Philippine Online Banking Vulnerabilities
This post is a collation of articles and other references backing up a personal research about the current state of security of Philippine online banking portals. The purpose of this research is mainly educational and encouraging awareness of our online activities — one of which is online banking.
Disclaimer: I am no expert in Information Security or Cybersecurity and I have minimal technical knowledge of the aforementioned fields as of this typing. If you are an expert on any of these fields and you have any concerns or additional input, feel free to post on the comments section below.
The main goal for this research is to answer this question:
Is your online banking secure enough?
Cybersecurity, or security in general, is a cat-and-mouse chase. Each day, software vulnerabilities and security holes are found, reported, and patched. But sometimes, a mouse can outsmart the cat. Attackers can find and exploit these vulnerabilities before they could be known and fixed by a patch. The users of the system will always be the victims.
There are techniques and technologies that help secure a system. The crucial part to keeping a system secure is to always use the latest release of these technologies as most likely the reason for the release would be a security patch to fix a recently discovered vulnerability.
What happens when the system you are using does not follow this practice? Well, it is like sending an open invite to attackers.
For this research, I will make examples of banks I can think of while writing this. I will use Google Chrome for checking the details of my connection to the following online banking portals and Qualys SSL Labs scanner for a deeper review.

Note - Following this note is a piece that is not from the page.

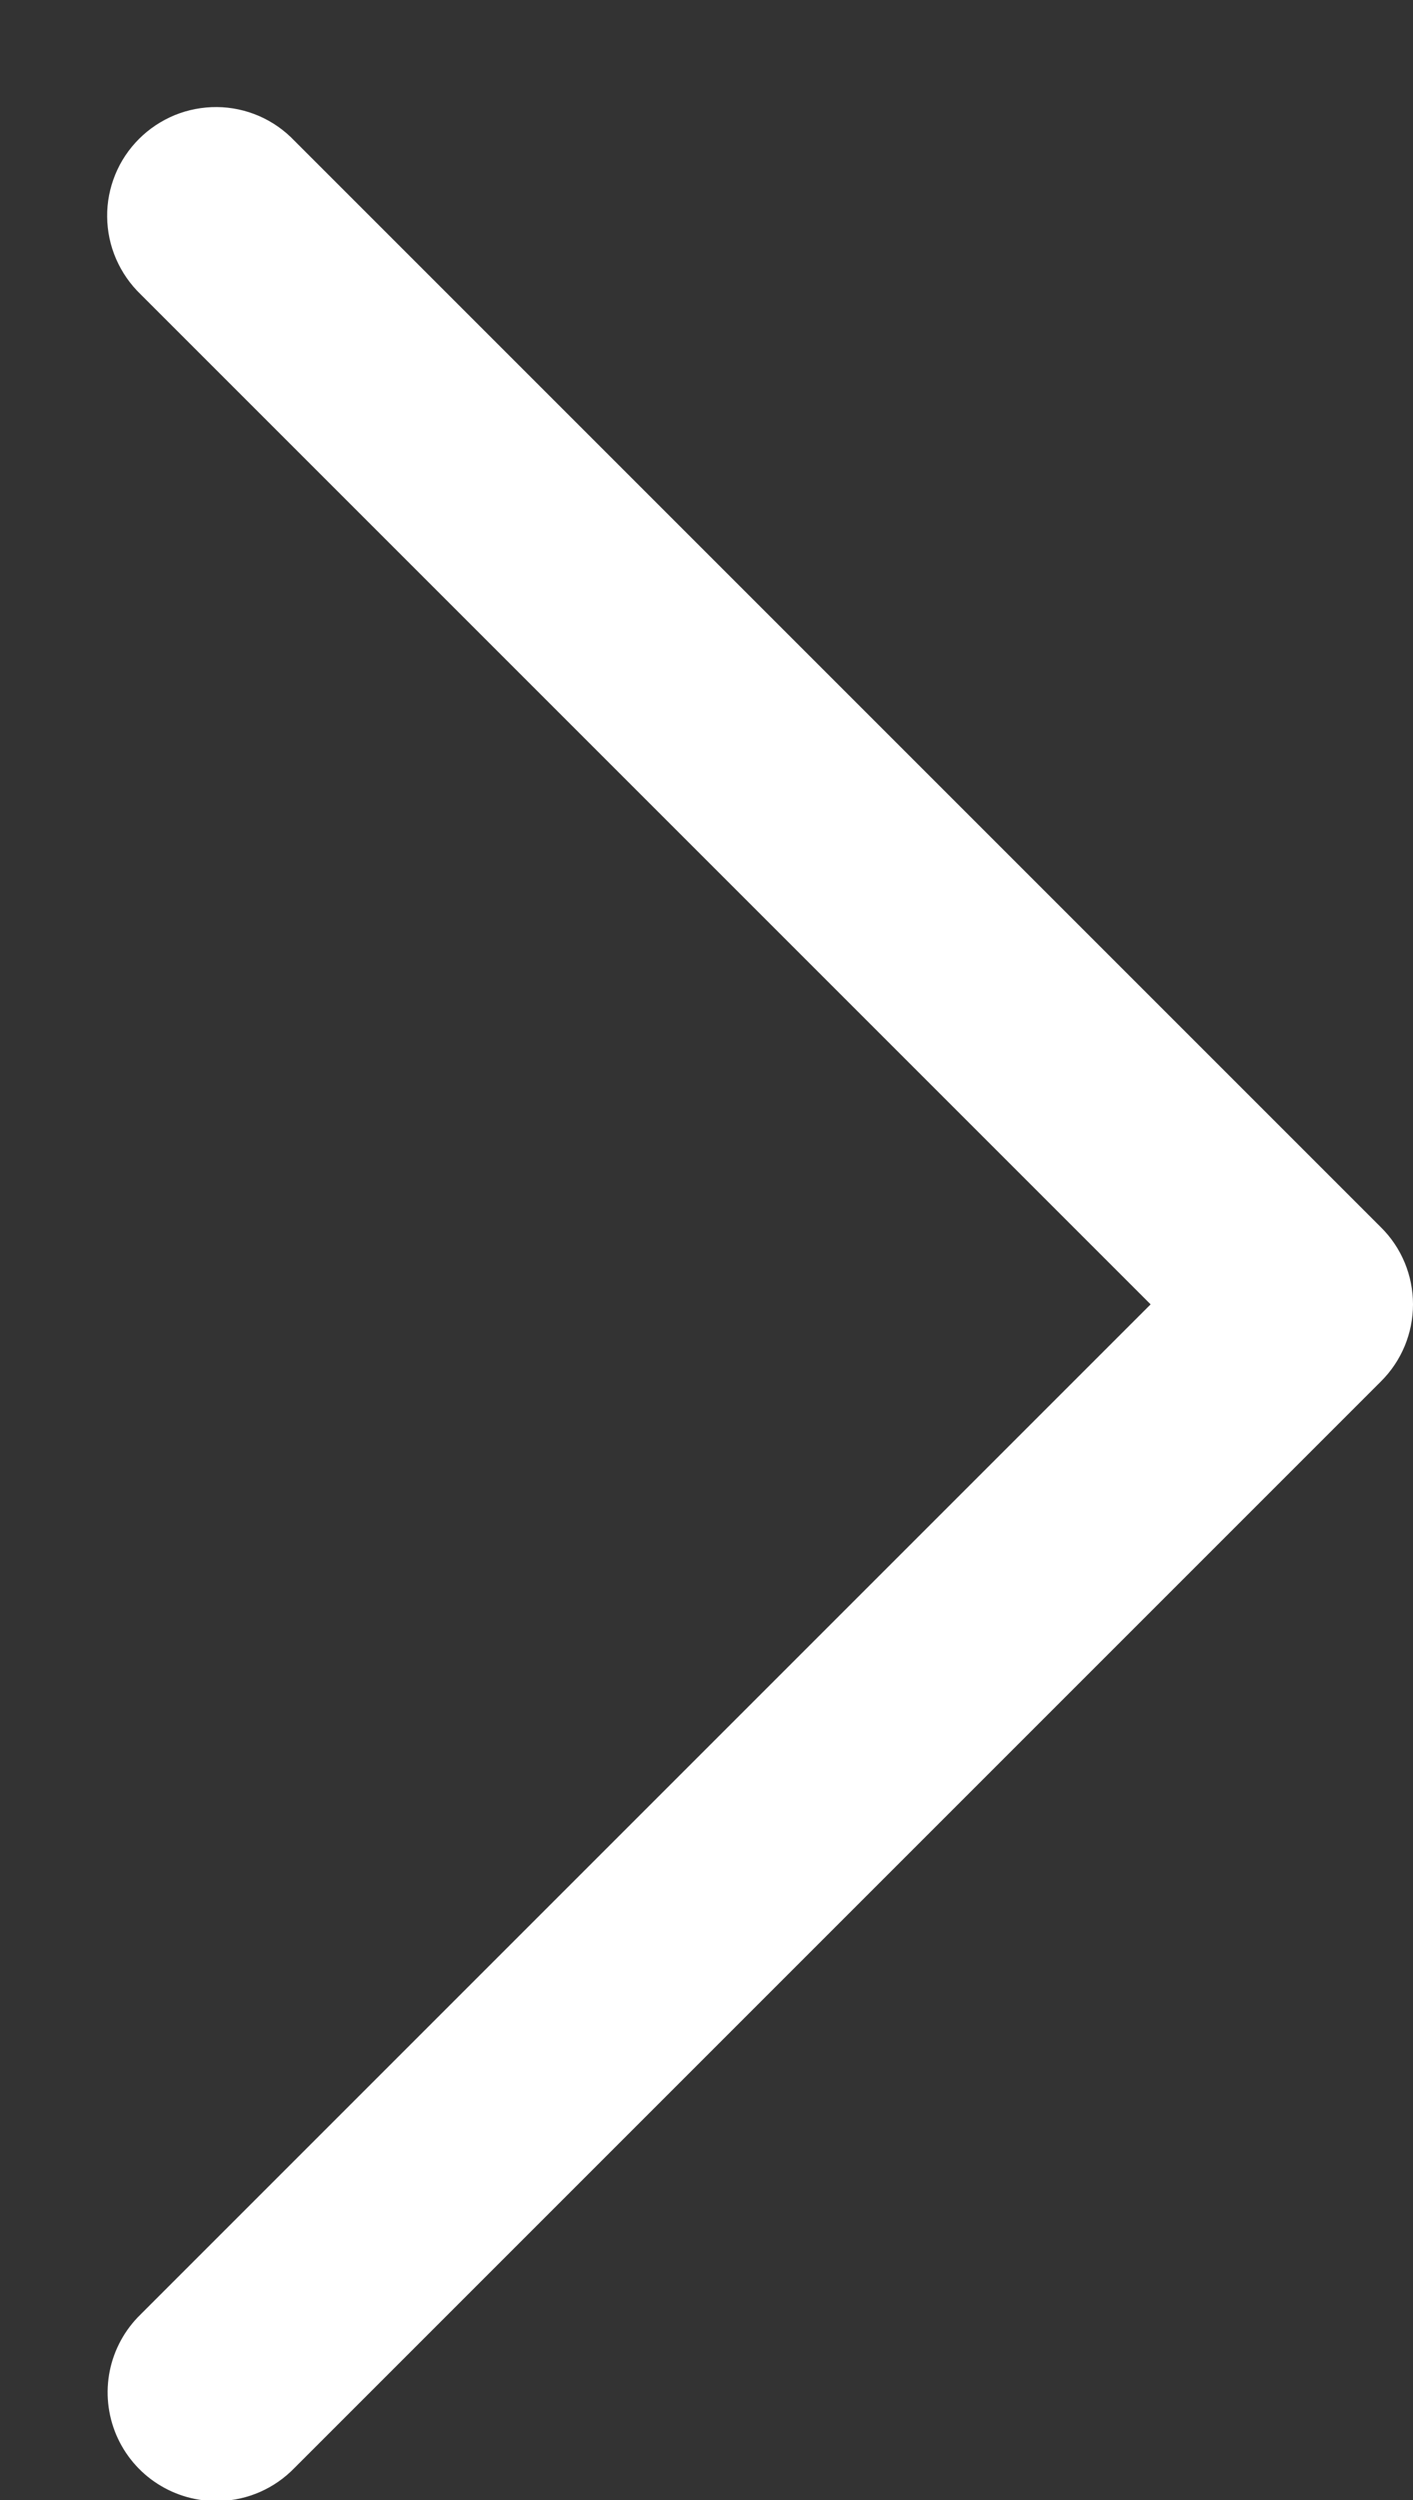 <svg width="13" height="23" viewBox="0 0 13 23" fill="none" xmlns="http://www.w3.org/2000/svg">
<rect x="0" y="0" width="13" height="23" fill="#333333" stroke="none"/>
<path d="M2.02 23.009C2.28 23.002 2.526 22.893 2.707 22.707L12.707 12.707C12.895 12.519 13 12.265 13 12C13 11.734 12.895 11.48 12.707 11.293L2.707 1.293C2.615 1.197 2.505 1.12 2.383 1.067C2.26 1.014 2.129 0.986 1.996 0.985C1.863 0.984 1.731 1.009 1.608 1.059C1.485 1.11 1.373 1.184 1.279 1.278C1.185 1.372 1.11 1.484 1.06 1.607C1.01 1.73 0.984 1.862 0.986 1.995C0.987 2.128 1.015 2.26 1.068 2.382C1.121 2.504 1.197 2.614 1.293 2.707L10.586 12L1.293 21.293C1.149 21.433 1.05 21.614 1.01 21.811C0.97 22.009 0.991 22.214 1.069 22.399C1.148 22.585 1.281 22.743 1.45 22.851C1.62 22.96 1.818 23.015 2.02 23.009Z" fill="white"/>
</svg>

Technologies such as encryption, cryptography, and protocols will be the main basis for this research.
The main portal for personal banking is under this domain: ebanking.unionbank.ph
“This site uses a weak security configuration (SHA-1 signatures), so your connection may not be private.”
“The certificate chain for this website contains at least one certificate that was signed using a deprecated signature algorithm based on SHA-1.”
“Microsoft, Google and Mozilla have all announced that their respective browsers will stop accepting SHA-1 based SSL certificates by 2017 (and that SHA-1-based certificates should not be issued after 2015). In conclusion, our estimates imply SHA-1 collisions to be now (Fall 2015) within the resources of criminal syndicates, two years earlier than previously expected and one year before SHA-1 will be marked as unsafe in modern Internet browsers. This motivates our recommendations for industry standard SHA-1 to be retracted as soon as possible.”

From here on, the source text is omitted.